Systemic mastocytosis is a rare disease characterized by an abnormal accumulation of mast cells in various tissues of the body, including the skin, bone marrow, liver, spleen, and lymph nodes.
- Systemic mastocytosis is a rare disease caused by an abnormal proliferation of mast cells due to a genetic mutation.
- Symptoms vary and can include skin reactions, gastrointestinal problems and bone pain.
- Proactive management with appropriate treatments and regular monitoring is essential to improve patients’ quality of life.
These immune cells play a key role in the allergic response and defense against infections, but their excessive proliferation can lead to various symptoms and complications.
What is systemic mastocytosis?
There mastocytosis Systemic mastocytosis is a form of mastocytosis in which mast cells proliferate in multiple internal organs. Unlike cutaneous mastocytosis, which primarily affects the skin, this systemic form can be indolent (slow-progressing) or aggressive, with the potential for progression to mast cell leukemia.
Causes and risk factors
The main cause of systemic mastocytosis is a mutation in the KIT gene, which is responsible for the growth and survival of mast cells. The D816V mutation is the most common and results in constant activation of the KIT receptor, promoting mast cell proliferation.

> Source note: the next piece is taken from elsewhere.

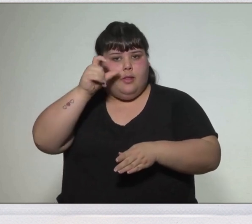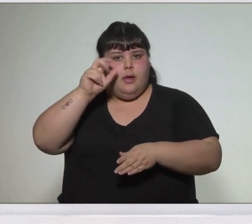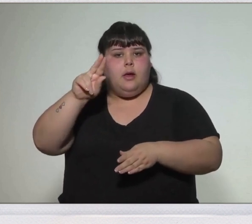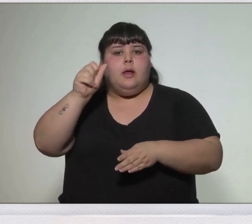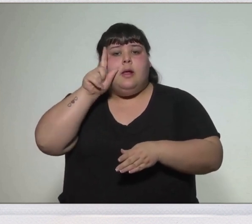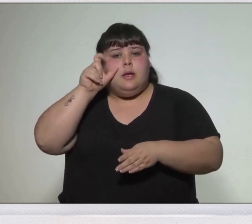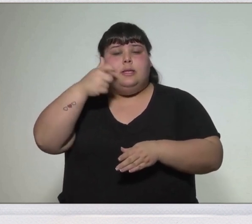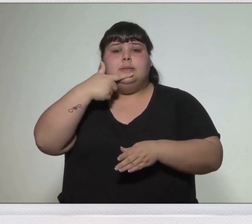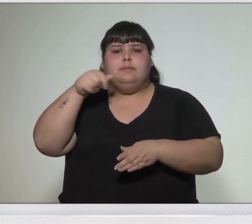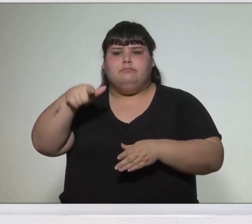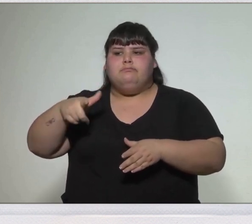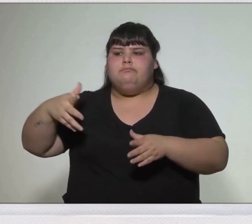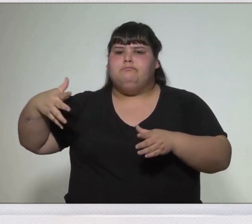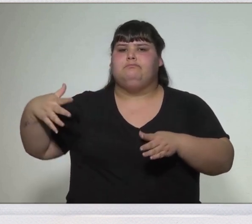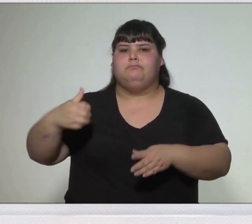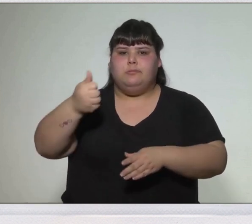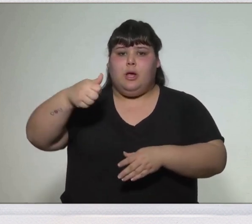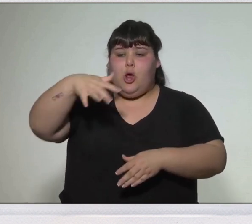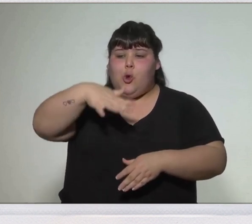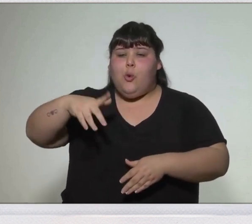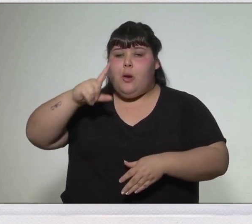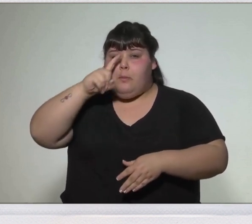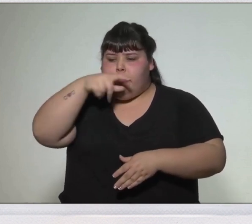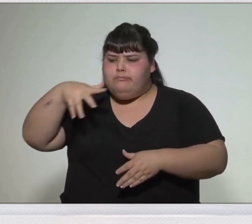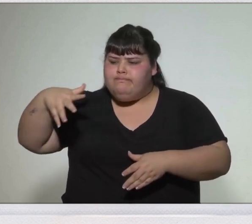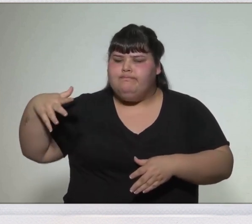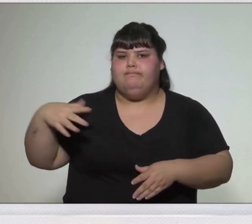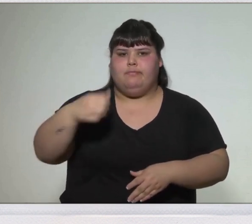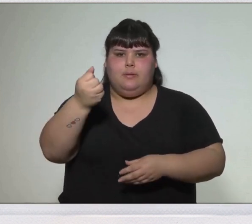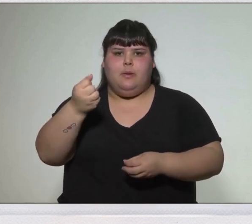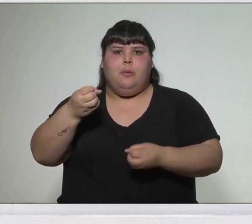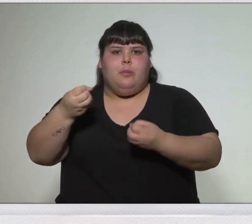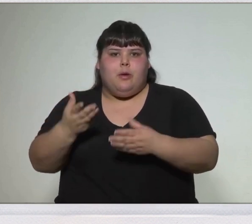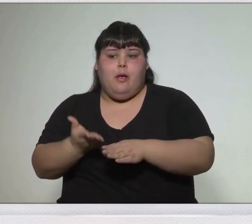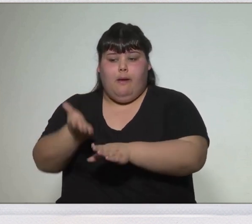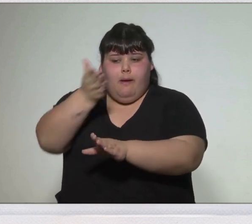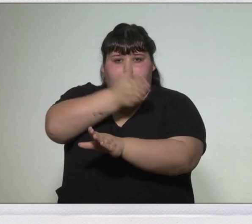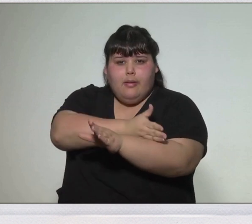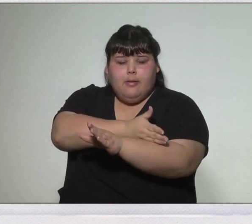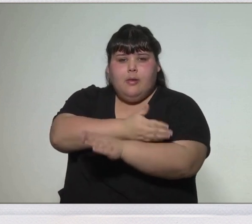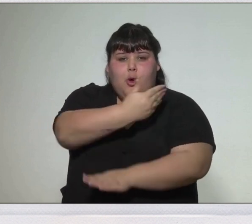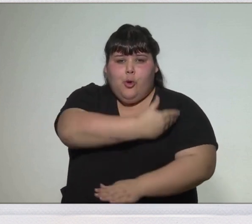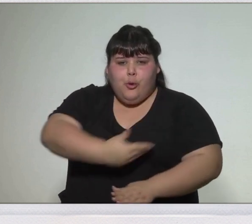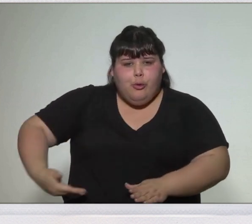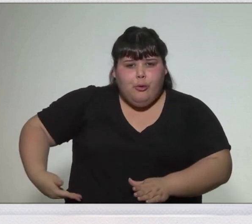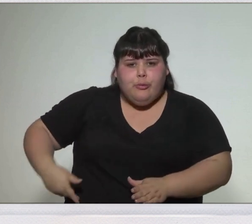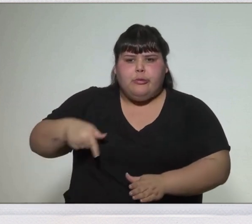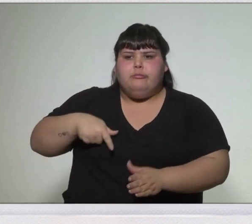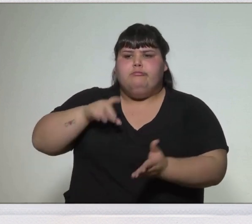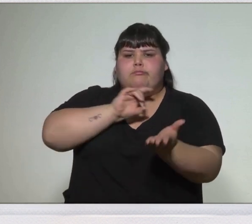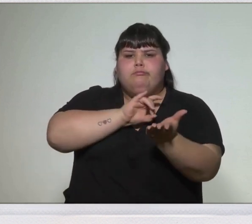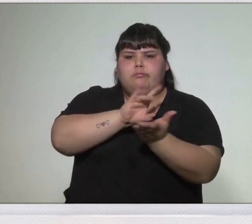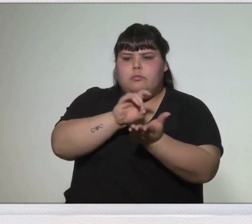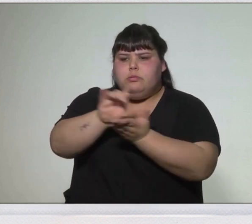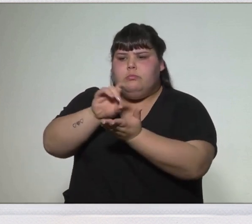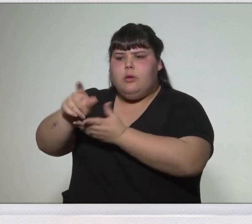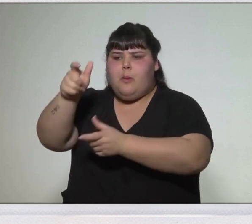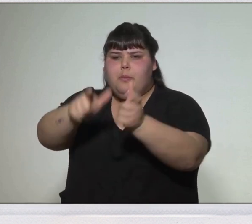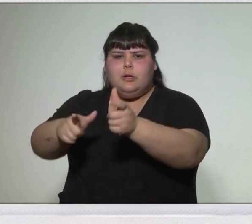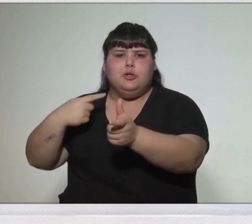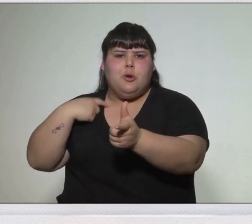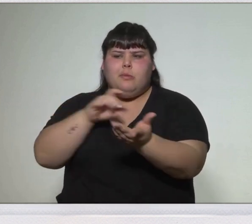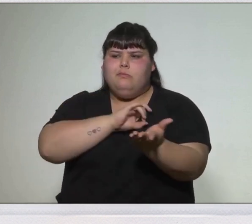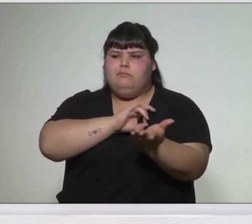Los federales recuperan el control sobre Montevideo, luego de que las fuerzas del

Symptoms of systemic mastocytosis
Symptoms vary depending on the organs affected and the mast cell burden:
- Skin reactions: pigmentary urticaria, itching and redness.
- Gastrointestinal symptoms: diarrhea, nausea, vomiting and abdominal pain.

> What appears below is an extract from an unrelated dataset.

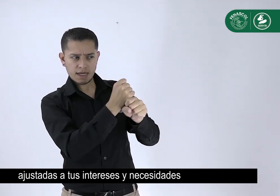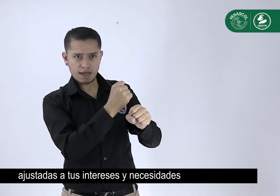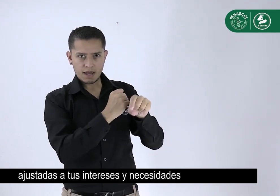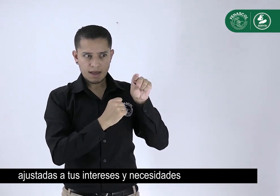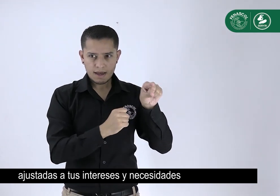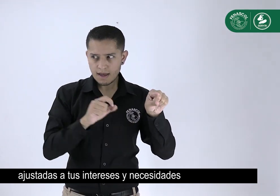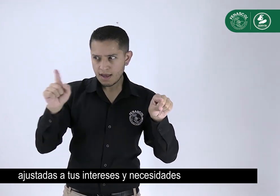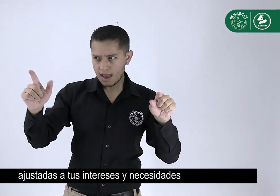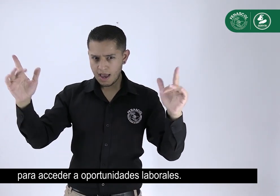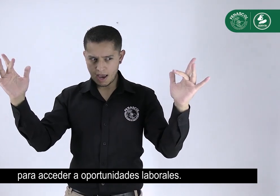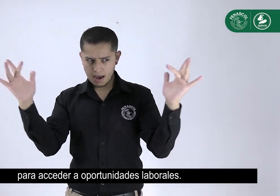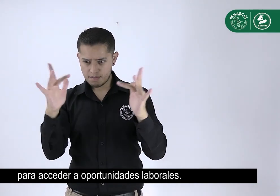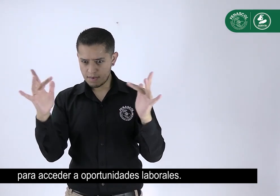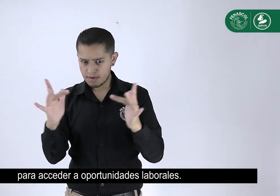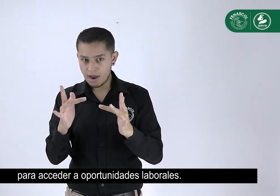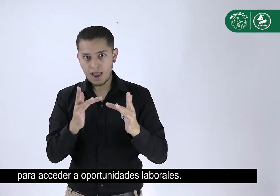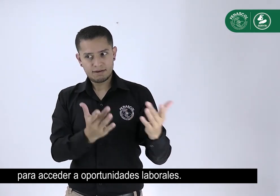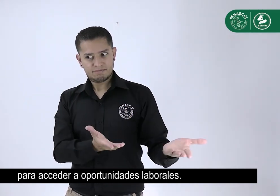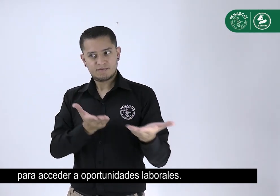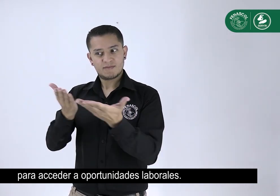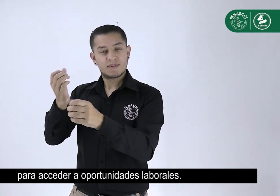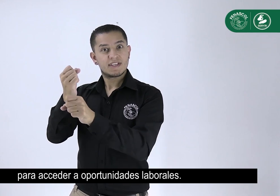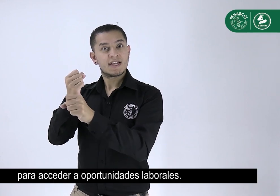para acceder a oportunidades laborales.

- Cardiovascular symptoms: hypotension, fainting and palpitations.
- Neurological symptoms: headaches, fatigue and difficulty concentrating.
- Systemic symptoms: bone pain, osteoporosis and anemia.
Diagnosis of systemic mastocytosis
Diagnosis is based on clinical examination, laboratory tests and biopsies. The main steps include:
- Physical examination : assessment of symptoms and medical history.
- Blood tests: detection of markers such as tryptase.
- Biopsies: tissue samples to confirm the presence of abnormal mast cells.
- Genetic tests: identification of KIT gene mutations.
Available treatments
There is no cure, but several options can manage symptoms:
- Antihistamines: to control allergic symptoms.
- Corticosteroids: to reduce inflammation and systemic symptoms.
- Tyrosine kinase inhibitors: such as midostaurin, to target the KIT mutation.
- Interferon alpha: used in certain severe cases.
Long term management
Management of systemic mastocytosis requires regular monitoring and treatment adjustment. Patients should avoid triggers of mast cell degranulation, such as certain foods, medications, and insect bites.
Systemic mastocytosis is a complex disease requiring multidisciplinary management. Current treatments help control symptoms and improve quality of life, but research continues to find curative solutions and better understand this rare disease.